Welcome to the PLACEMATE! This web application helps final-year students predict their placement outcomes, build professional resumes, and report any issues they encounter. The tool uses machine learning to provide accurate predictions and offers a user-friendly interface for a seamless experience.
- Create Account: New users can sign up using their email and password.
- Login: Existing users can log in to access the application's features.
- Firebase Integration: User authentication is managed securely using Google Firebase.
- Input Data: Users can enter their age, number of internships, CGPA, gender, stream, and history of backlogs.
- Random Forest Model: The application uses a Random Forest classifier to predict whether the user will be placed or not.
- Result Display: The prediction result is displayed as either "Placed" or "Not Placed."
- Personal Information: Users can enter their name, address, email, phone number, and upload a profile picture.
- Career Objectives & Strengths: Users can add their career objectives and strengths.
- Education & Projects: Users can input their educational qualifications and project details.
- PDF Generation: The application generates a professional resume in PDF format using the FPDF library.
- Report Issues: Users can report bugs or issues they encounter, along with suggestions for improvement.
- Add Screenshots: Users can upload screenshots to provide more context for their reports.
- Local Storage: Bug reports are saved locally in a JSON file, and screenshots are stored in a designated directory.
- Streamlit: For building the web application interface.
- Python: The primary programming language used for backend logic.
- Random Forest (Scikit-learn): Machine learning model for placement prediction.

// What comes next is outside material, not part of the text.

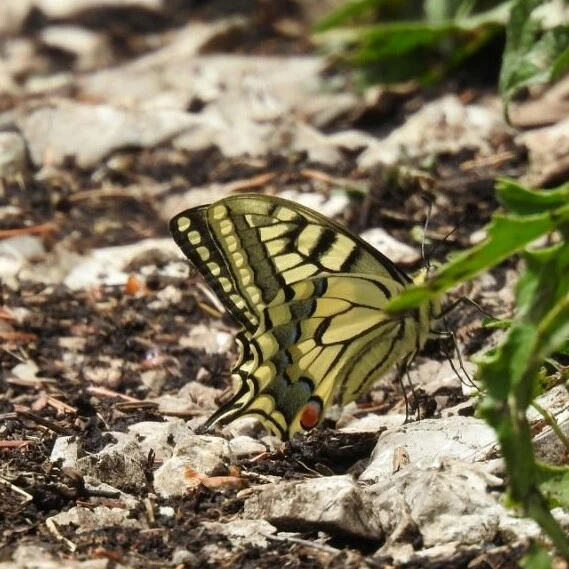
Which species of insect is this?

- Google Firebase: For user authentication and data management.
- PIL (Python Imaging Library): For processing profile pictures in the resume builder.

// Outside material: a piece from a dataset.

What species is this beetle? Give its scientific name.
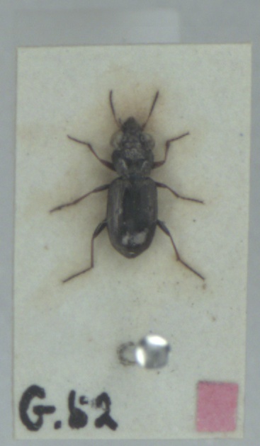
Notiophilus rufipes
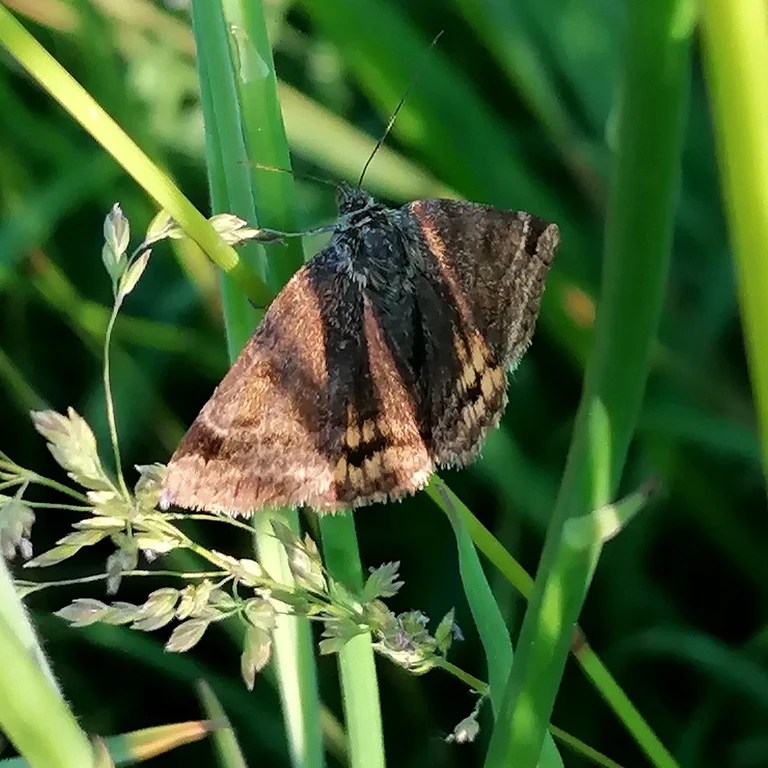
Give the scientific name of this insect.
Euclidia glyphica

- FPDF: For generating PDF resumes.
- JSON: For storing bug reports locally.
- Google Colab: For developing and training the machine learning model.
- For adding "Login" Module in this project, just move both the files out of the "Login" folder. Then add the "login.py" code in "app.py". Also add the "Login" tab in "streamlit_option_menu" in "app.py". You don't need to update anything in "auth_functions.py" file.
- Then download your key (.json file) for your project from the Firebase interface. Add it's path in "app.py" file in "Login" module code.
- In "secrets.toml" file, add your "Firebase Web API Key". You will get it from your project's Firebase interface.
- Download all the necessary packages from the "requirements.txt" file.
- For opening the project, open CMD in the project folder and write "streamlit run app.py". The app will open in your browser on localhost.